Alzheimer’s disease affects more than 5 million Americans, a number that’s expected to grow to 16 million by 2050. Early intervention can help to lessen the most debilitating symptoms, namely memory loss and problems with reading and organizing thoughts, but unfortunately, it remains one of the most challenging neurological disorders to detect. No specific test for Alzheimer’s exists.
There might be hope on the horizon, though. Researchers at the University of California at Berkeley’s Radiology & Biomedical Imaging Department and the Big Data in Radiology group (BDRAD, a multidisciplinary team of physicians and engineers studying radiology data science) describe in a newly published study an AI system that can predict Alzheimer’s disease from brain scans.
Their paper (A Deep Learning Model to Predict a Diagnosis of Alzheimer Disease Using 18F-FDG PET of the Brain”) was published in the journal Radiology this week.
“Differences in the pattern of glucose uptake in the brain are very subtle and diffuse,” Dr. Jae Ho Sohn, a coauthor, said. “People are good at finding specific biomarkers of disease, but metabolic changes represent a more global and subtle process.”
They aren’t the first to apply AI to Alzheimer’s disease research — scientists at Unlearn.AI, a startup that designs software tools for clinical research, earlier this year developed a system that predicts its progression. But the UC Berkeley team chose to focus on a chemical marker that hadn’t previously been used to train an AI model.
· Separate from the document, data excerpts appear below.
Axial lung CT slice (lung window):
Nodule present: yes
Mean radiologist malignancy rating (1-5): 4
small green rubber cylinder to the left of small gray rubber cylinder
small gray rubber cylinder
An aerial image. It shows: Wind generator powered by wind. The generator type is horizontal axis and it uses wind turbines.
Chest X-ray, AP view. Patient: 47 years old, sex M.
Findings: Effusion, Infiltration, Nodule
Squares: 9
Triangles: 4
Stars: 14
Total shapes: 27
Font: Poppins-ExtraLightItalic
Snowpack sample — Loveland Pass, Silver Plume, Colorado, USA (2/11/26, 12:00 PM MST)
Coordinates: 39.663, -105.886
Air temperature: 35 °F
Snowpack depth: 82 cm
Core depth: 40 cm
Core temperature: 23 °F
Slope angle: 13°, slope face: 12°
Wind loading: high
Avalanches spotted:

They trained a deep learning algorithm (layered mathematical functions that mimic the behavior of human neurons) on 18-F-fluorodeoxyglucose positron emission tomography (FDG-PET), a specialized imaging technique in which patients are injected with FDG, a radioactive glucose compound, which allows radiologists — and in this case, an AI system — to measure uptake in brain cells through PET scans. It’s an indicator of metabolic activity.
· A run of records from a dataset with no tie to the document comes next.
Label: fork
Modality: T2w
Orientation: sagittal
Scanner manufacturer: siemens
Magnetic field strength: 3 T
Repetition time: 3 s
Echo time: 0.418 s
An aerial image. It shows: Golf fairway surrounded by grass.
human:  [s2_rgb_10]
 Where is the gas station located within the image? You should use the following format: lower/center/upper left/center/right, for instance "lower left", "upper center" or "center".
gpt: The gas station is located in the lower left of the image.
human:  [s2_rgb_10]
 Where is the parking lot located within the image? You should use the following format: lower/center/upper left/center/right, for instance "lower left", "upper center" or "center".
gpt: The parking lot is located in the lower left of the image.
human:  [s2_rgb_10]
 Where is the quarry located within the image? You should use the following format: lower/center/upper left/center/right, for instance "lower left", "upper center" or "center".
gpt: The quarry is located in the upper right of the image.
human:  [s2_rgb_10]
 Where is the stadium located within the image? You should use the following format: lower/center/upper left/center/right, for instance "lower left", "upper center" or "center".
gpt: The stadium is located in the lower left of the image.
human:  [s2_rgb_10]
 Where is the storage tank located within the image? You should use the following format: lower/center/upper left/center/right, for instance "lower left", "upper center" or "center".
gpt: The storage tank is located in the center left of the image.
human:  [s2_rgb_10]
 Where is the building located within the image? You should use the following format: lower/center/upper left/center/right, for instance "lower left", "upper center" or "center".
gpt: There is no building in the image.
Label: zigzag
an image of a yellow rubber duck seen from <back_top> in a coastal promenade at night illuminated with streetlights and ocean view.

The researchers built a corpus from the Alzheimer’s Disease Neuroimaging Initiative (ADNI), a project database containing more than 2,100 FDG-PET brain images from 1,002 patients. (About 10 percent of the samples were set aside for validation.) After training on the dataset, the AI system could track minute changes in glucose uptake in certain regions of the brain that would be, under normal circumstances, difficult to detect.
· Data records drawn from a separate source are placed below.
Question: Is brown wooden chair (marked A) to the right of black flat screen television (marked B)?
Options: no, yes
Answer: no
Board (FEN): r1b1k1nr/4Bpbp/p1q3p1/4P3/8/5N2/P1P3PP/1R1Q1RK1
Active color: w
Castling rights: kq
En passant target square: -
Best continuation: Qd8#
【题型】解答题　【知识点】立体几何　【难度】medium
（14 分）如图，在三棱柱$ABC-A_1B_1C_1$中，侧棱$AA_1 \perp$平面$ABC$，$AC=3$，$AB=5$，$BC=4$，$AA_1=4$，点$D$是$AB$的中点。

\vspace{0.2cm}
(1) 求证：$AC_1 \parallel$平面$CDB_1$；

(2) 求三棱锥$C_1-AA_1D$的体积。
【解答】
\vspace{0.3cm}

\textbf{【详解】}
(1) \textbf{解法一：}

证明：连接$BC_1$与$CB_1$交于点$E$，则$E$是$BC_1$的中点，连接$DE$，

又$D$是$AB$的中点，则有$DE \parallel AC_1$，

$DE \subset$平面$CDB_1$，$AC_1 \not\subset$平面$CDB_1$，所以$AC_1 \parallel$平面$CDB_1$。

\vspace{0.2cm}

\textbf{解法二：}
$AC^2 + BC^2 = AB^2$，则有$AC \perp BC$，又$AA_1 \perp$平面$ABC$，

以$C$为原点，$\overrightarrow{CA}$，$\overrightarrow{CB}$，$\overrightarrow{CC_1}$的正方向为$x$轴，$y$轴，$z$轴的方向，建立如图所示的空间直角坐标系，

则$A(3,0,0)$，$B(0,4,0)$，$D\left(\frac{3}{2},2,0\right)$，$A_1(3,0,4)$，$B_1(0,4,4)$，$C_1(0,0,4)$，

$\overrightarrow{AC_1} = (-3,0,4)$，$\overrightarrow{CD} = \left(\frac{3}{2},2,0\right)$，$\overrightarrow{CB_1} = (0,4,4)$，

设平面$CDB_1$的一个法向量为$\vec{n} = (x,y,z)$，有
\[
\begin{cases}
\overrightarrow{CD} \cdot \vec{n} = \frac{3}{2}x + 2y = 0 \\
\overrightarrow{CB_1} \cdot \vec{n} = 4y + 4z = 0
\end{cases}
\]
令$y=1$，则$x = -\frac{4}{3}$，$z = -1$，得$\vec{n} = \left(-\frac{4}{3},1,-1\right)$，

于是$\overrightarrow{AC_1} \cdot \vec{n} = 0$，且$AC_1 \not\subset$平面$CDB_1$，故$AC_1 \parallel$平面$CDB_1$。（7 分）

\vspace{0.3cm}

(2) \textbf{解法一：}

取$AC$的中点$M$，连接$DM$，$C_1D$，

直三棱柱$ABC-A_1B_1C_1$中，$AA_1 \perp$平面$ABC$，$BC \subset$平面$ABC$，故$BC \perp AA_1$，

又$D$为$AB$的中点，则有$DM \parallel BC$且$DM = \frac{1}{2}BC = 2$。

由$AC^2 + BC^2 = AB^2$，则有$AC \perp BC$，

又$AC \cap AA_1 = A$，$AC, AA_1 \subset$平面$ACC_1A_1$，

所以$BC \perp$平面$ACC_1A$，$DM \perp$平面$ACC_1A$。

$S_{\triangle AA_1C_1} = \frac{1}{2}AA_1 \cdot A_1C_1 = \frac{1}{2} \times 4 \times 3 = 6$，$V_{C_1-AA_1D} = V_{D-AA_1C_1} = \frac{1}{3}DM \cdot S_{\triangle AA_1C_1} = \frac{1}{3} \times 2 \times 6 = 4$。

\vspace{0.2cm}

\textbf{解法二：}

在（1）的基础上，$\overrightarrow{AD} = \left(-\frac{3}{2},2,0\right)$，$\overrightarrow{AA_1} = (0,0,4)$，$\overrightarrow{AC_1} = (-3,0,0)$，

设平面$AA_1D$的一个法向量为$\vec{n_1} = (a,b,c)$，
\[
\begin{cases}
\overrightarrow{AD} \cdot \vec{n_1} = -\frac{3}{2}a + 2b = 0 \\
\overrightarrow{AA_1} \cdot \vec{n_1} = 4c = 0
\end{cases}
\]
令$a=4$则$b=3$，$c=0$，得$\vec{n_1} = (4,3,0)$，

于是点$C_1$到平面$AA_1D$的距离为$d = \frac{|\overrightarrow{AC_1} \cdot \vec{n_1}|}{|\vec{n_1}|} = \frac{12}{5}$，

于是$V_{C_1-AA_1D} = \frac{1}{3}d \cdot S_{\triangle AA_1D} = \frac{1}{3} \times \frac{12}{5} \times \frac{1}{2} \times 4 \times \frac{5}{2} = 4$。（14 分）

In tests on a separate set of 40 imaging exams from 40 patients, the researchers’ AI system achieved 100 percent sensitivity at detecting Alzheimer’s an average of more than six years prior to the final diagnosis.
“We were very pleased with the algorithm’s performance,” Dr. Sohn said. “It was able to predict every single case that advanced to Alzheimer’s disease.”
The team cautioned that it’s early days — the test sample size was relatively small. But they believe the system could be used to complement the work of radiologists, and that it could serve as the foundation for AI that can identify patterns of beta-amyloid and tau protein buildup, abnormal protein clumps, and other biological markers associated with Alzheimer’s disease.